An ice island four times the size of Manhattan that broke off Greenland is not clear evidence of global warming, but is part of a broader "disturbing picture," scientists told a Congressional committee.
The biggest such event in the Arctic in nearly 50 years, the ice island's separation from the tip of Petermann glacier is part of a normal process, and the glacier is losing the majority of its mass where ice meets water, said Andreas Muenchow, Professor of Ocean Science and Engineering at the University of Delaware.
Muenchow said he had expected an ice chunk to break off from the Petermann Glacier, one of the two largest remaining ones in Greenland, because it had been growing in size for seven or eight years.
He said it was there is not enough data available to judge whether the event occurred due to global warming because records on the sea water around the glacier have only been kept since 2003.
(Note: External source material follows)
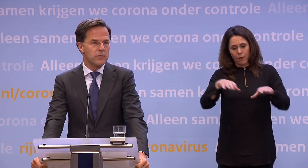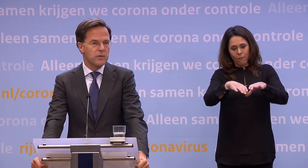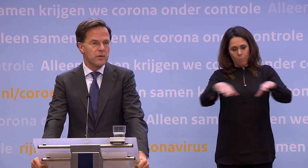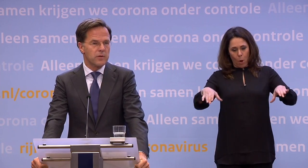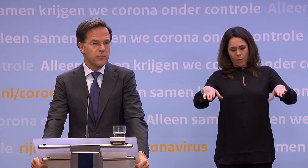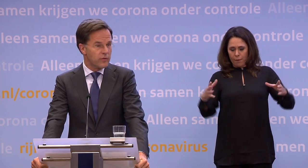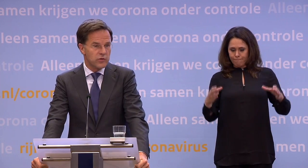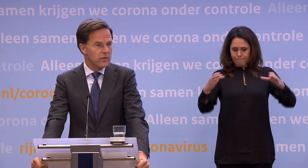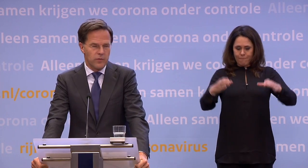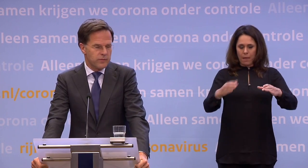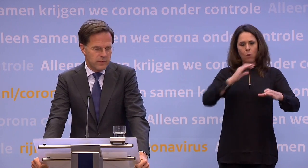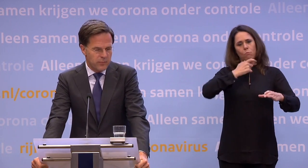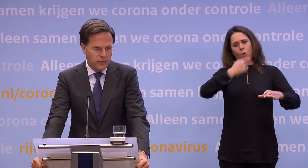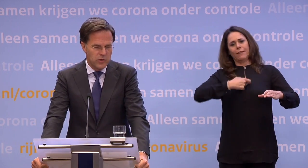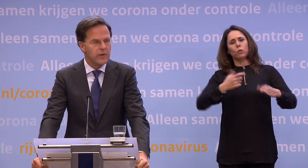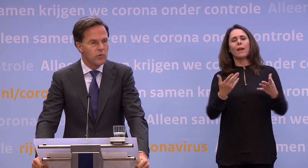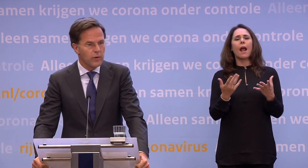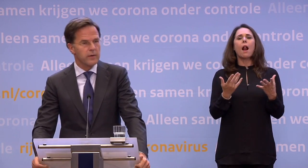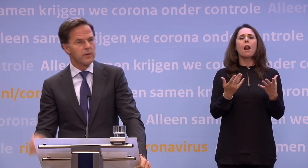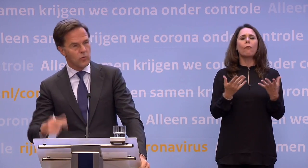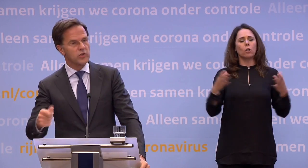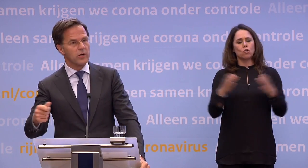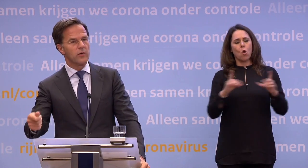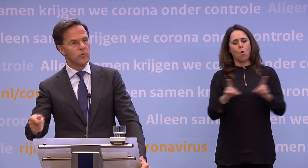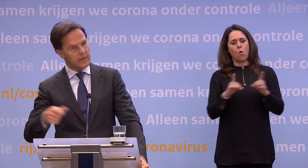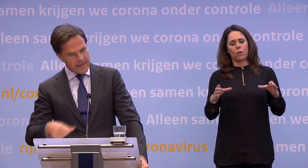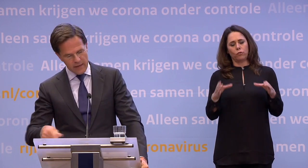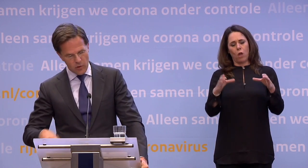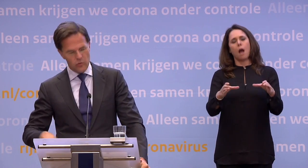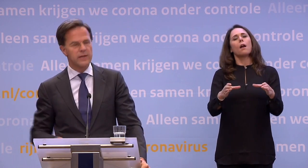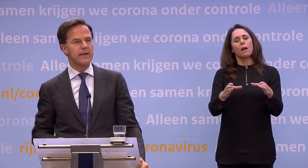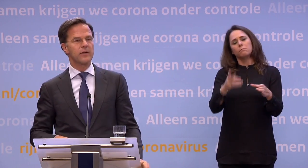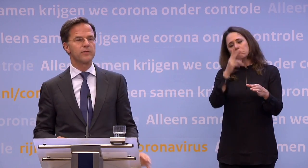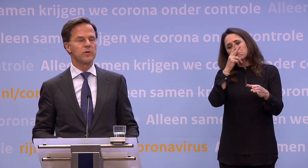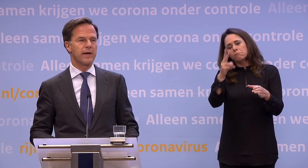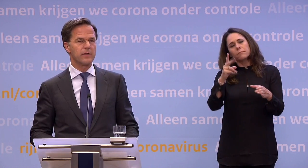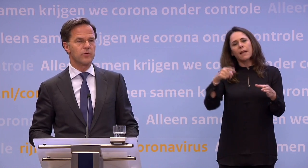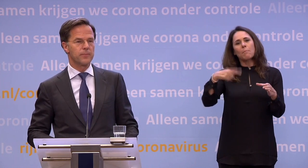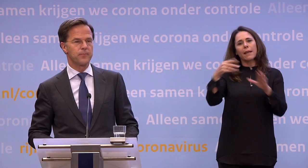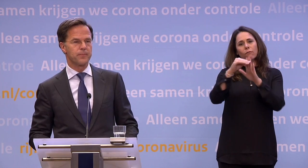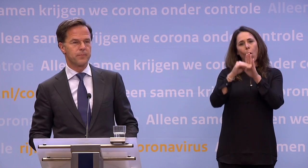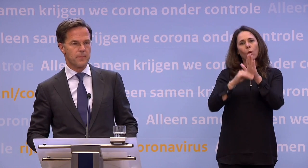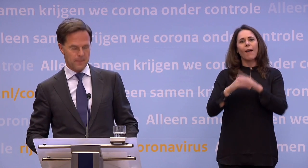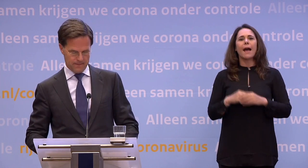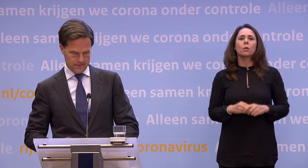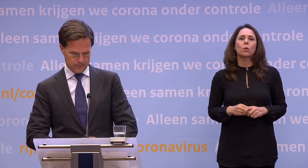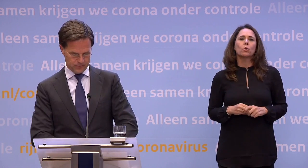een professioneel... ...of niet professioneel, maar een koor, koorzang kan doen. En dan kijken we ook nog naar nadere voorwaarden daarvoor.
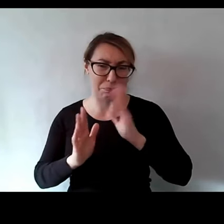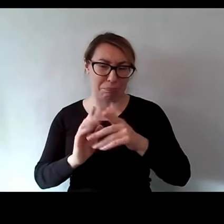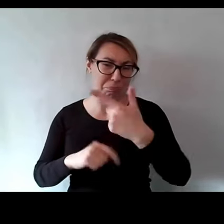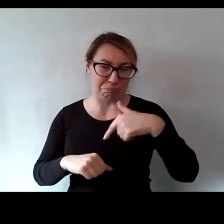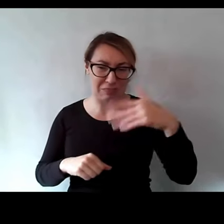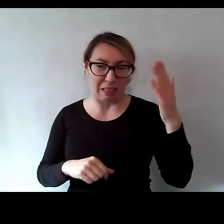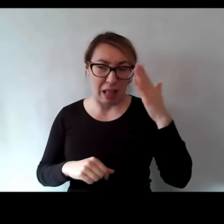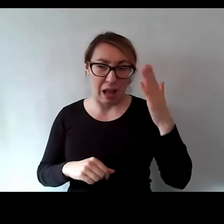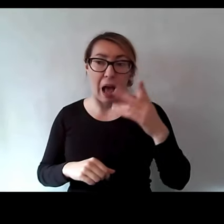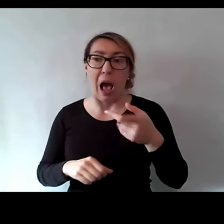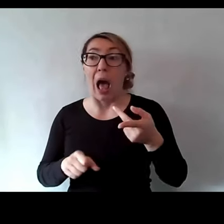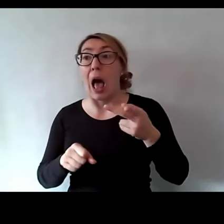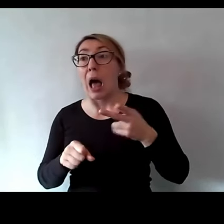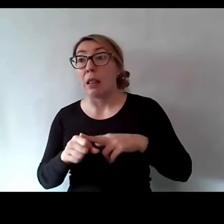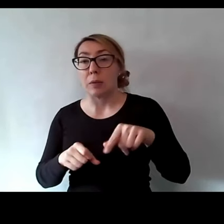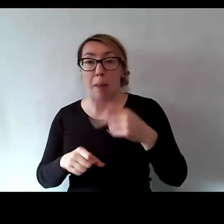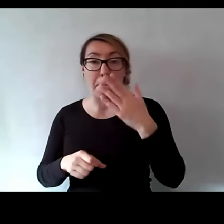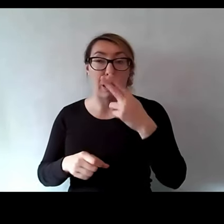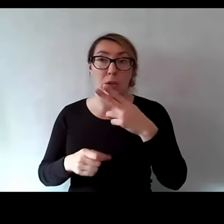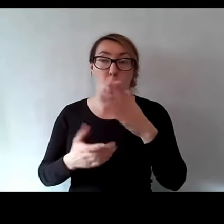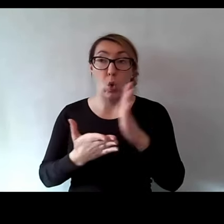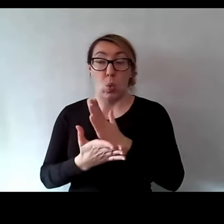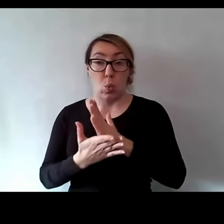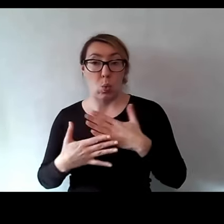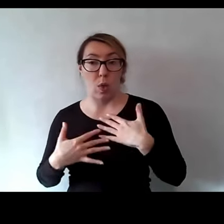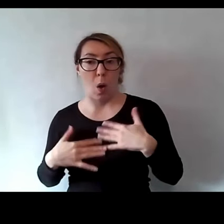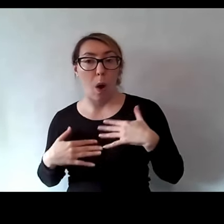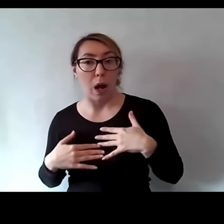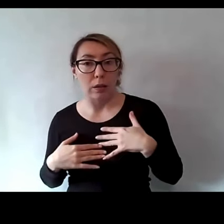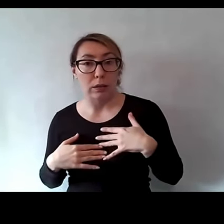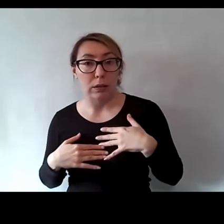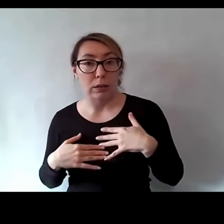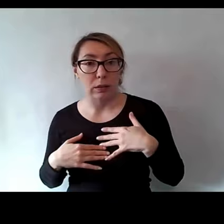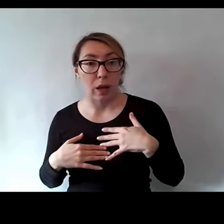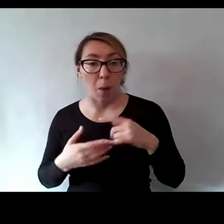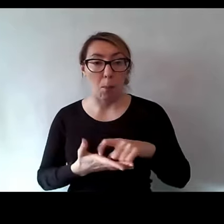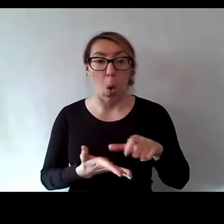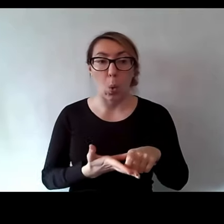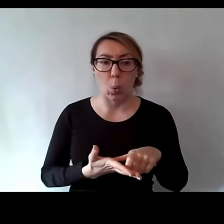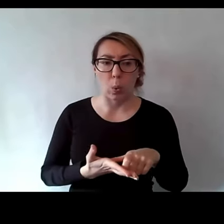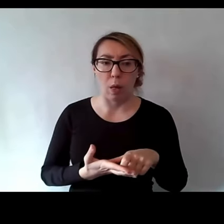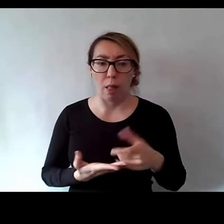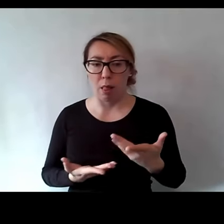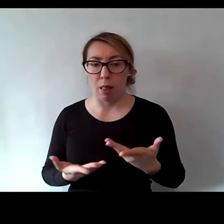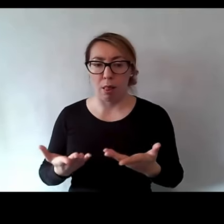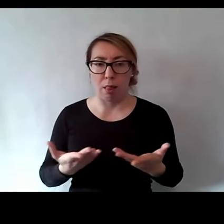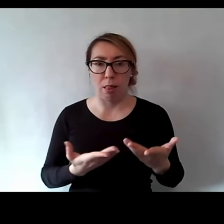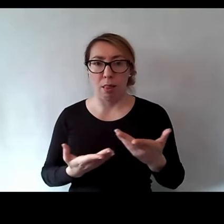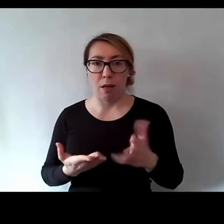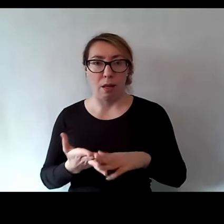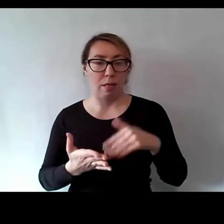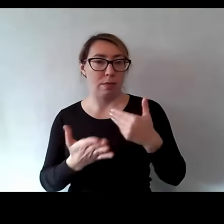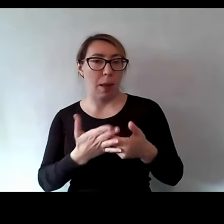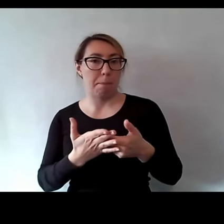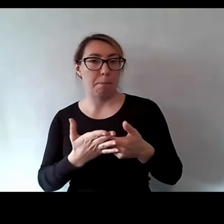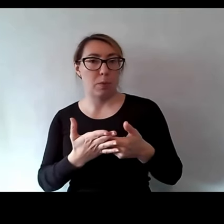znamy, ale patrząc na kuchnię, łazienkę i pokój pojawiają się chociażby o taka

Although the ice island's formation cannot be viewed as definite evidence of global warming, it is part of a greater phenomenon of warming that is causing ice sheets to melt, said University of Maryland Senior Research Scientist, Robert Bindshadler.
Scientists have said the first six months of 2010 have been the hottest globally on record. Many scientists say elevated levels of man-made greenhouse gases are pushing temperatures higher.
Committee Chair Edward Markey called for governments around the world to unite to curb further climate change. "A crime against nature is being committed in Greenland and in the Antarctic, and all of humanity will suffer," he said.
The ice island could fuse to land, break up into smaller pieces, or slowly move south where it could block shipping, Muenchow said.